See JOURNAL-1c 2026-05-27 W2a entry for full evidence.
</details>
## Definition of Done (C1C7 — see phase plan §3)
- [x] C1 — Secrets-repo split (Adversary-PASS 16:55Z; re-exercised cold on blank host at C4)
- [x] C2 — Cert in git (Adversary-PASS 16:55Z; re-exercised at C4)
- [x] C3 — All secrets in git, one exception = bootstrap age key (Adversary-PASS 16:55Z; keyFile-on-throwaway at W4)
- [ ] C4 — Genuine throwaway-VM live rebuild (Incus terraform-ci, only age key provisioned)
- [ ] C5 — Honest D8 (static byte-identical + live rebuild; "infeasible by design" removed)
- [ ] C6 — Resource fit + cleanup (cc-nix-test 6→4 GB, throwaway 4 GB, destroyed after; final sizing decided)
- [ ] C7 — Docs (install.md/secrets.md/architecture.md + main plan refs updated to new model)
## ⚠️ Operator override — do NOT destroy the FINAL throwaway VM (read before W5/W6 cleanup)
The operator (2026-05-27) will **repurpose the final W5/C4-C5 clean-room throwaway VM as the new
cc-nix-test** for a live real-traffic test. So: **KEEP that VM running after W5 PASSes — do NOT tear
it down in C6/W6.** Defer its teardown until the operator explicitly says otherwise. This overrides the
plan's "destroy the throwaway" for that one VM. (Adversary: please do not destroy your W5 VM on PASS.)
This also settles C6 final sizing = **promote the rebuilt VM**. All other cleanup is normal (Builder's
first throwaway already destroyed). See DECISIONS.md Phase-1c.
### Pending functional-acceptance e2e (operator-gated — do NOT start early)

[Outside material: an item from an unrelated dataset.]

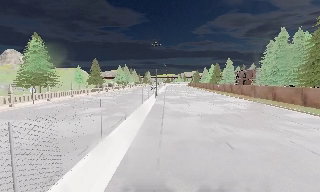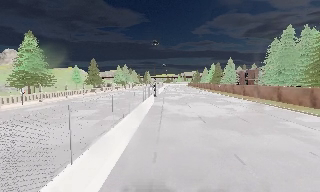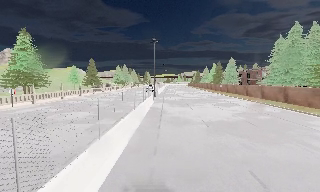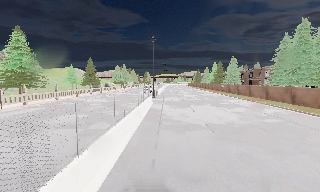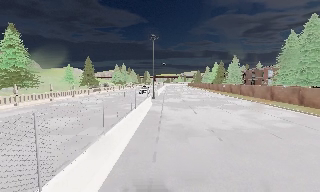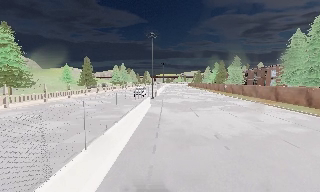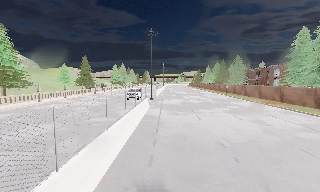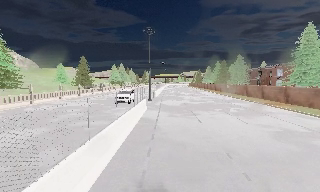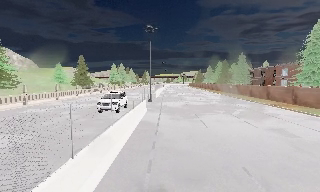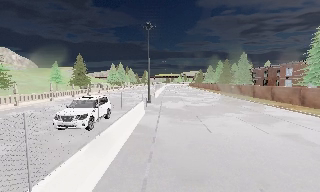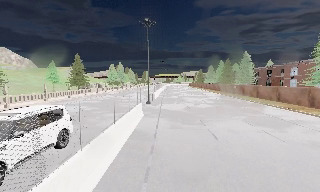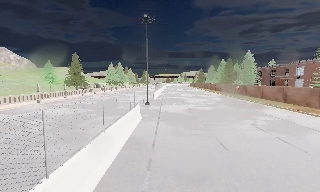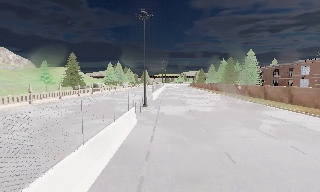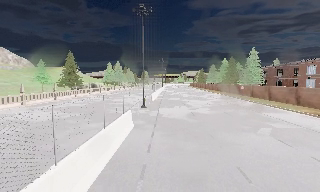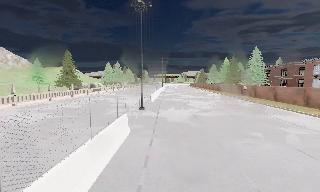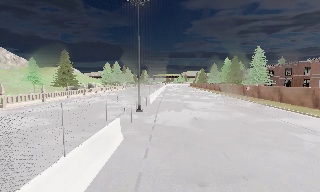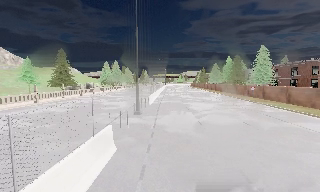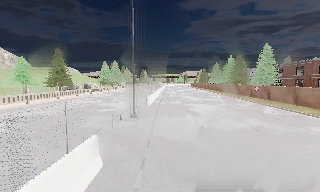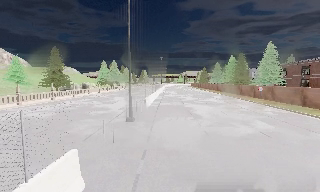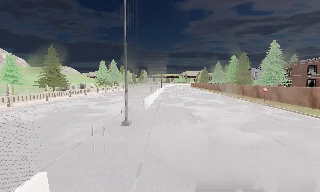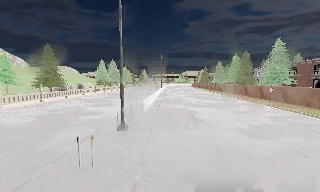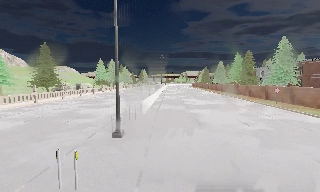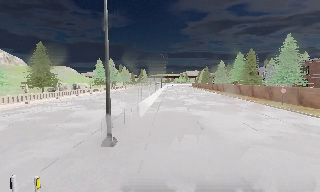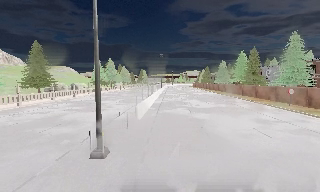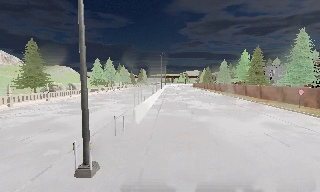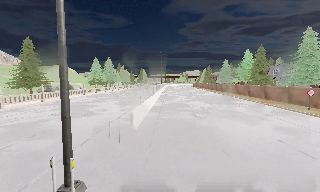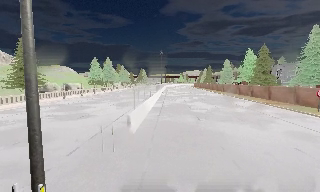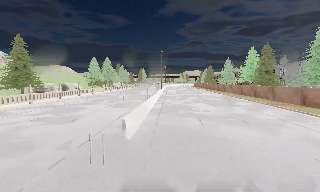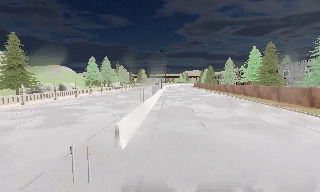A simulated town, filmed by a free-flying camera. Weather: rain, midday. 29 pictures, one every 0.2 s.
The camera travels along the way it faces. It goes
forward.
0.0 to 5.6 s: The camera travels forward, about 35 m, so what stands in front looms larger.
The film runs forward here.

After W5/C4-C5 PASS, sequencing is: (1) W5 done → (2) **ORCHESTRATOR renames the verified throwaway →
cc-nix-test** so the public gateway (ci.commoninternet.net + `*.ci` via MagicDNS) routes to it, and
**SIGNALS** me → (3) THEN I run a genuine e2e: post `!testme` (as the bot) on ONE enrolled recipe
(fast, e.g. `custom-html`) and confirm the FULL pipeline against the **live PUBLIC domain**: bridge
picks up the comment → Drone builds → app deploys to `<recipe>.ci.commoninternet.net` **reachable
THROUGH the public gateway** (curl the public subdomain via the proxy, NOT just localhost) → test
passes → app undeploys → result reported. Record Drone run # + public-URL curl in JOURNAL-1c/STATUS-1c
as functional acceptance of D8/clean-room. **Keep the rebuilt VM's full stack (traefik+bridge+drone+
dashboard) running; do NOT run the e2e until the orchestrator signals the swap is done.**
## Blocked
(none)
## Notes
- Current secret layout: `secrets/secrets.yaml` (6 infra secrets), recipients = host age key
(ssh-to-age of cc-ci's ed25519 host key) + off-box master recovery key
(`/srv/cc-ci/.sops/master-age.txt`, sandbox-only). `.sops.yaml` at repo root.
- Wildcard cert currently out-of-band at `/var/lib/ci-certs/live/{fullchain.pem,privkey.pem}`
(operator-provided, LE, next renewal ~2026-08-24); proxy.nix reads it from there. 1c moves it
into sops-in-git, decrypted back to that path at activation.
- Sandbox host has NO sops/nix/age — sops ops run on cc-ci (has nix + host age key) or via the master
key with a sops binary fetched on cc-ci.
- cc-nix-test == the live cc-ci server (100.90.116.4); resizing it (W1) briefly stops it.